Quote the records below word for word, please, from the very first line through the one that contains "Echo time: 0.00184 s", and nothing beyond it.
Material for this task: Begin
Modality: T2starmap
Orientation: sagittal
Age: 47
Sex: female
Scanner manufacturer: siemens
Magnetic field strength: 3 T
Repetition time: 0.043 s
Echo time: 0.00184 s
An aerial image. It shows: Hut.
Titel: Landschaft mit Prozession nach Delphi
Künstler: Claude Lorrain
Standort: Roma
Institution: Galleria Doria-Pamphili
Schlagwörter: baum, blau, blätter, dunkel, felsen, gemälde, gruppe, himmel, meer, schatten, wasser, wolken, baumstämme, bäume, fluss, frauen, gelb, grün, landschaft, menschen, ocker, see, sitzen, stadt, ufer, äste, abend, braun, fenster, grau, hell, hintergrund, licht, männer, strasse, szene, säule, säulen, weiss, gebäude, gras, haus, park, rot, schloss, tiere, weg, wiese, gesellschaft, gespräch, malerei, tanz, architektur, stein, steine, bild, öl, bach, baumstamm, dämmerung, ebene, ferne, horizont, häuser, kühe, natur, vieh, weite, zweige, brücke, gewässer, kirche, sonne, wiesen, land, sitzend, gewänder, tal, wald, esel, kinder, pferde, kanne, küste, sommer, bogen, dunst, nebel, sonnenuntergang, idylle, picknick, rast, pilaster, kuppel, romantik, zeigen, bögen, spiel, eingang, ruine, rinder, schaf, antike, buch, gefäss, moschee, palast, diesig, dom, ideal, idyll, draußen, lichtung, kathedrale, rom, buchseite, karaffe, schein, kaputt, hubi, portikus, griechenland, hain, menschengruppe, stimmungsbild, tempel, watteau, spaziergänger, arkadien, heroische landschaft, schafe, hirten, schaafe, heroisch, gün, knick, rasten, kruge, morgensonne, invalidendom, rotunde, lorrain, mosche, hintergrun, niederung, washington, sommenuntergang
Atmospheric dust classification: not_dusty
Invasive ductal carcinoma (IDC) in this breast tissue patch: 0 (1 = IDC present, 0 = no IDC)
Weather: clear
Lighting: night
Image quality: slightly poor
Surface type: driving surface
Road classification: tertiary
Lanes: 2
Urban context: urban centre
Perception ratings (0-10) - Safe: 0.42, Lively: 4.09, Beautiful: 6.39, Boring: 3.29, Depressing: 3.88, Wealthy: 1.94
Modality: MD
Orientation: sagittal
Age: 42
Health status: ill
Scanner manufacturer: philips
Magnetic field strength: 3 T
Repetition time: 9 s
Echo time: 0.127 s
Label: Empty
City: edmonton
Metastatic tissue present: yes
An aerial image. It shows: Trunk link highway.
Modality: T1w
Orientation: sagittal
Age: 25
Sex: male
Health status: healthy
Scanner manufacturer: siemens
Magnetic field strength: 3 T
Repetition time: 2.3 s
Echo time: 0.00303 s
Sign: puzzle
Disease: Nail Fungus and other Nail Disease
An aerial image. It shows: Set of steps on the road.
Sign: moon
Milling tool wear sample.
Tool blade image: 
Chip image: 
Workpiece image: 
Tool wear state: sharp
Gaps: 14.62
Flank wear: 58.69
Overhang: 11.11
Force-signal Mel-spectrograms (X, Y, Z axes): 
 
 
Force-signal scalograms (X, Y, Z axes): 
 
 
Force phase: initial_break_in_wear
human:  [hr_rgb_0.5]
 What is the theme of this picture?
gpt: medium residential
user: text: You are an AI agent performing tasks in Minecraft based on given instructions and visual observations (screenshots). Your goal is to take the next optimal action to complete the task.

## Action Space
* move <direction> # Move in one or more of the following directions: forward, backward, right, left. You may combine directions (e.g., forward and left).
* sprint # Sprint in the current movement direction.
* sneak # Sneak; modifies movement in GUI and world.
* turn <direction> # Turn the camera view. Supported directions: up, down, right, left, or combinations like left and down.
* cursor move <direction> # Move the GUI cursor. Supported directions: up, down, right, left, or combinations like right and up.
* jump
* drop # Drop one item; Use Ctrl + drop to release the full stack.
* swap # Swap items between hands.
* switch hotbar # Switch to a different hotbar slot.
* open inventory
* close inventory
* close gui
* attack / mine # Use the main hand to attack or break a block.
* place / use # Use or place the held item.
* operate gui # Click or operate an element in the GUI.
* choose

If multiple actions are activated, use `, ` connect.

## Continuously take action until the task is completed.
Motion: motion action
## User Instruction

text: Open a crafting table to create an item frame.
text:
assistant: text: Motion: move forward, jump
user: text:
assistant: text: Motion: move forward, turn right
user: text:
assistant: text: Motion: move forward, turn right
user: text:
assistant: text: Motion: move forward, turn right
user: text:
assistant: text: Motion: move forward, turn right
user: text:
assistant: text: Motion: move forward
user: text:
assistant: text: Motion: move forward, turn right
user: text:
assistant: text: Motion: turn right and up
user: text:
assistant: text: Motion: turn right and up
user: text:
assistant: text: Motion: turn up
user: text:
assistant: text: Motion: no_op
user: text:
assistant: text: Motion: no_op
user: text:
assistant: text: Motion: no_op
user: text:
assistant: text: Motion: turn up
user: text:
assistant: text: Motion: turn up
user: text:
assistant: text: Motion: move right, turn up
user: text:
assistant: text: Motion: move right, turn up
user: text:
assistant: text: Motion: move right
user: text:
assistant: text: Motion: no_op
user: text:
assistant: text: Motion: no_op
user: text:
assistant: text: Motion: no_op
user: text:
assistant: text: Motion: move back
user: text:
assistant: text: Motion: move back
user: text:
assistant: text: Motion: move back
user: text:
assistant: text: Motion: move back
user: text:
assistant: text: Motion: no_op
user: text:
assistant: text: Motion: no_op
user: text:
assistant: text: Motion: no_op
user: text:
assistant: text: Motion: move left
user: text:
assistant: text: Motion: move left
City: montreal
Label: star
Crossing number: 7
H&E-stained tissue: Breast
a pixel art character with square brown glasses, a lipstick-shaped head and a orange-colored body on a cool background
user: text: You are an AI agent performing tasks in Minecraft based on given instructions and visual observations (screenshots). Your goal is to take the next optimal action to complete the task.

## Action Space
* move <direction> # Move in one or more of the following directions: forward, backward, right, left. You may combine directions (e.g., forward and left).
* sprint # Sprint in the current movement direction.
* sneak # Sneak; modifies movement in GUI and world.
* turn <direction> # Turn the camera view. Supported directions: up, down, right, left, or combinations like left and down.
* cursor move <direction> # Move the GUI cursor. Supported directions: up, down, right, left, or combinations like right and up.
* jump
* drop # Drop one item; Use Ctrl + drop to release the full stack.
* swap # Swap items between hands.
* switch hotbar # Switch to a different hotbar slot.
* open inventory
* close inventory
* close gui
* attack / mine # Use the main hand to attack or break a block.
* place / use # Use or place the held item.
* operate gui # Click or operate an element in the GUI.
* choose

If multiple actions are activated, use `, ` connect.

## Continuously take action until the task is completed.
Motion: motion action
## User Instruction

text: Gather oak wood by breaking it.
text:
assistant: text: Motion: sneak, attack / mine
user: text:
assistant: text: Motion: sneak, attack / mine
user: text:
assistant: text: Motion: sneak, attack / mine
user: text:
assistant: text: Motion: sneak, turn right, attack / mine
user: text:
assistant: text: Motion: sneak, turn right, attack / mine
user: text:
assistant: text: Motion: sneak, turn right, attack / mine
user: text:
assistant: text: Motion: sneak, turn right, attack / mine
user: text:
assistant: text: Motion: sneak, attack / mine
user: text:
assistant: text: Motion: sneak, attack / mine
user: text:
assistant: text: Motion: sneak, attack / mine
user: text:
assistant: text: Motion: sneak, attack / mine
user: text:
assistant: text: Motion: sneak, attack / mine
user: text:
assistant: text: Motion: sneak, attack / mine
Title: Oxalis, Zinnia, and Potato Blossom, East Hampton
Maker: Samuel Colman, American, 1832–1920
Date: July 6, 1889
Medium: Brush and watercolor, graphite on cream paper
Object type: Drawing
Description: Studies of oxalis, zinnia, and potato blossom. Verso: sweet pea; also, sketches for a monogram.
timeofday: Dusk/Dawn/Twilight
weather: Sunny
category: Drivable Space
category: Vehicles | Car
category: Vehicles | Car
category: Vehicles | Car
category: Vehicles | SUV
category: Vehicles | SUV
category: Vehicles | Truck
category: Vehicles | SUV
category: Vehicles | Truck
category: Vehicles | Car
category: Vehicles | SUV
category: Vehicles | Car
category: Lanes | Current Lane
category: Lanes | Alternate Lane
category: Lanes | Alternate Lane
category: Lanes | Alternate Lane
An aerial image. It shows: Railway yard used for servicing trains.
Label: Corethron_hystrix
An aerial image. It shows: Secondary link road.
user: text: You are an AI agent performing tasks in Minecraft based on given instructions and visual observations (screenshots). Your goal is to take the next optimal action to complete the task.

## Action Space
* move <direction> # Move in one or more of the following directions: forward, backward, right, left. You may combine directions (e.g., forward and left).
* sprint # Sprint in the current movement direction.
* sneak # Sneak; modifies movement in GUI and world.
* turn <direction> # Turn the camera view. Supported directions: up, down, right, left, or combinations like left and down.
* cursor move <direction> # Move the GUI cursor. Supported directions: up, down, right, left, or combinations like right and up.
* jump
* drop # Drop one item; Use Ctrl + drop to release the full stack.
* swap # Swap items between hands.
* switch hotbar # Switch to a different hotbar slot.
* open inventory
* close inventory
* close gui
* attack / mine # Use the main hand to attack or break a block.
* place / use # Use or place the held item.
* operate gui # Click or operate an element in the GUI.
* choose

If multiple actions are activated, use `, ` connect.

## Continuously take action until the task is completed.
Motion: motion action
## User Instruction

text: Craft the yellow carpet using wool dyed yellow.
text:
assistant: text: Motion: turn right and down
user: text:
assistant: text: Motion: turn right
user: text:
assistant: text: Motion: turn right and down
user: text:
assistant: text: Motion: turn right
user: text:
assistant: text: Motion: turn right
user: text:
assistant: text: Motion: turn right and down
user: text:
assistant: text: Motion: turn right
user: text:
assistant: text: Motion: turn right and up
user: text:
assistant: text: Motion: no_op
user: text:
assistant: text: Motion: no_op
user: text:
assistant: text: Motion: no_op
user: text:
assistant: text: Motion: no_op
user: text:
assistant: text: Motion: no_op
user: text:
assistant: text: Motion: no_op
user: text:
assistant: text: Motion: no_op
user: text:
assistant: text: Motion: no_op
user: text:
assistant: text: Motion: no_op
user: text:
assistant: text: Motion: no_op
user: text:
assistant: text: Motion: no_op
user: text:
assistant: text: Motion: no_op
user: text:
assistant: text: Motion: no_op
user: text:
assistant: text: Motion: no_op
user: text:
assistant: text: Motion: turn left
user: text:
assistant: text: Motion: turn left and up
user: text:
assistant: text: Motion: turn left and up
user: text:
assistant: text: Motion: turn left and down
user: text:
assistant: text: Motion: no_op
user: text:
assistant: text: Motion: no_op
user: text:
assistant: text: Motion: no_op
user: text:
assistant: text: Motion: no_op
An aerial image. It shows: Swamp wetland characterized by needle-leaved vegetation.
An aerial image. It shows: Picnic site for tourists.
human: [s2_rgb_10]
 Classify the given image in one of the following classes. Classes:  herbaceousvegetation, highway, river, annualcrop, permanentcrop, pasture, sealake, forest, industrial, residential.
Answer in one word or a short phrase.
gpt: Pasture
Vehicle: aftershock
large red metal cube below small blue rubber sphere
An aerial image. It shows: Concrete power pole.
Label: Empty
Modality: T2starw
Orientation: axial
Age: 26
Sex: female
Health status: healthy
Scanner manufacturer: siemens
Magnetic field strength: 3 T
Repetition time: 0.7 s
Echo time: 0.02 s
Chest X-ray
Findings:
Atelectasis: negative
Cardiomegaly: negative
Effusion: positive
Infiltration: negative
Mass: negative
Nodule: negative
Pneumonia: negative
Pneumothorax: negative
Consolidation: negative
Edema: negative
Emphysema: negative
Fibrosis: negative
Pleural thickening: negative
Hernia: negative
Material for this task: End
◆ Answer space
Modality: T2starmap
Orientation: sagittal
Age: 47
Sex: female
Scanner manufacturer: siemens
Magnetic field strength: 3 T
Repetition time: 0.043 s
Echo time: 0.00184 s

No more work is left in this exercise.